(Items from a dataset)
Segment Open

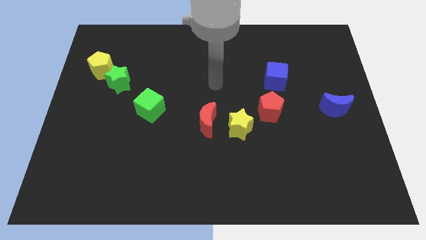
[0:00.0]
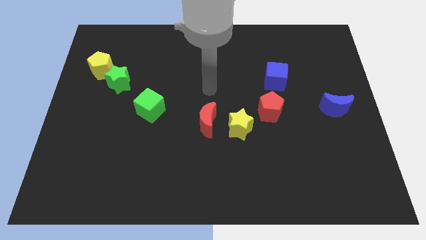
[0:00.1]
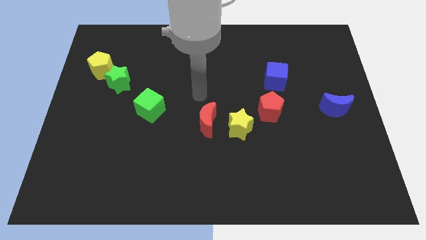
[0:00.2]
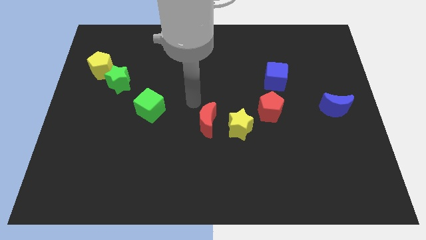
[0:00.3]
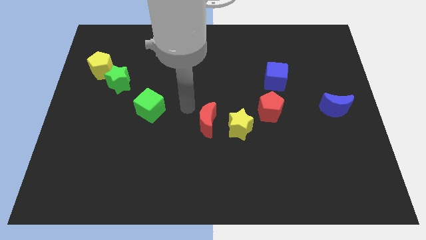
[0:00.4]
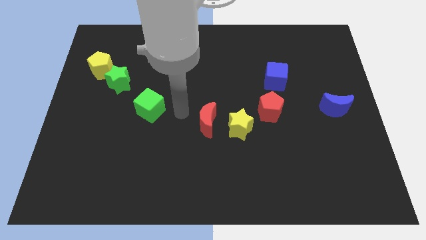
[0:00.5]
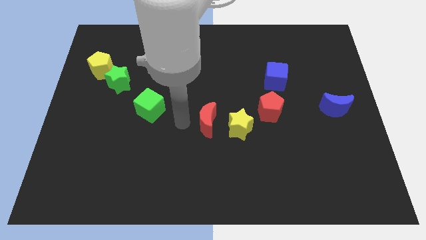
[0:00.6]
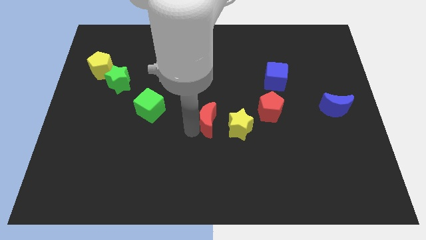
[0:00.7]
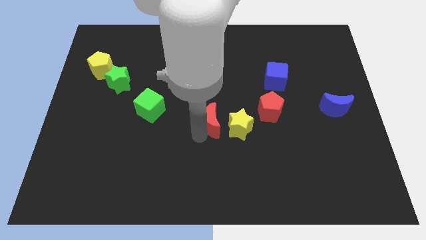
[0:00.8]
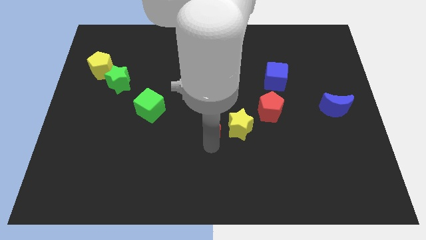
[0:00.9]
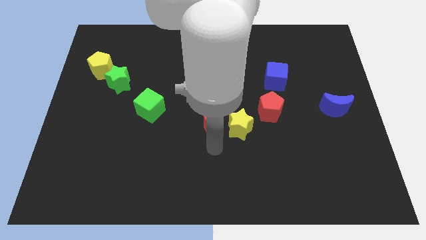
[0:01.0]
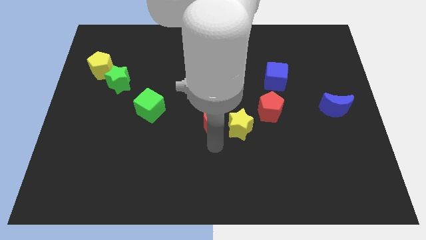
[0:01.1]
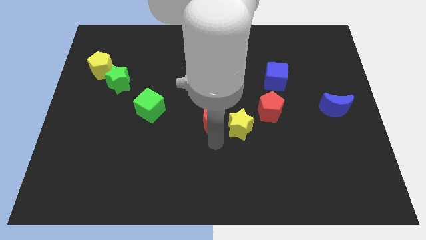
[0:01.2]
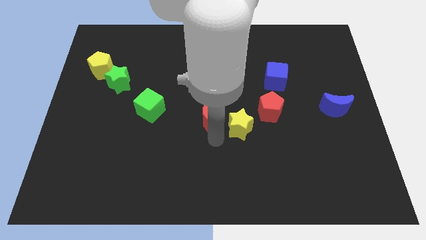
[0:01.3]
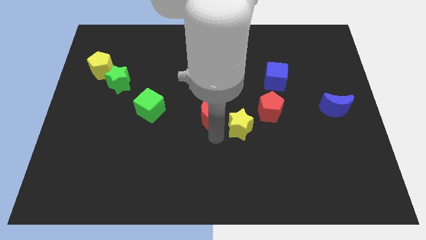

Segment Closed

Your instructions ▸
The entries are to be written out again exactly, though without any images.

Finished exercise ▸
[0:00.0]
[0:00.1]
[0:00.2]
[0:00.3]
[0:00.4]
[0:00.5]
[0:00.6]
[0:00.7]
[0:00.8]
[0:00.9]
[0:01.0]
[0:01.1]
[0:01.2]
[0:01.3]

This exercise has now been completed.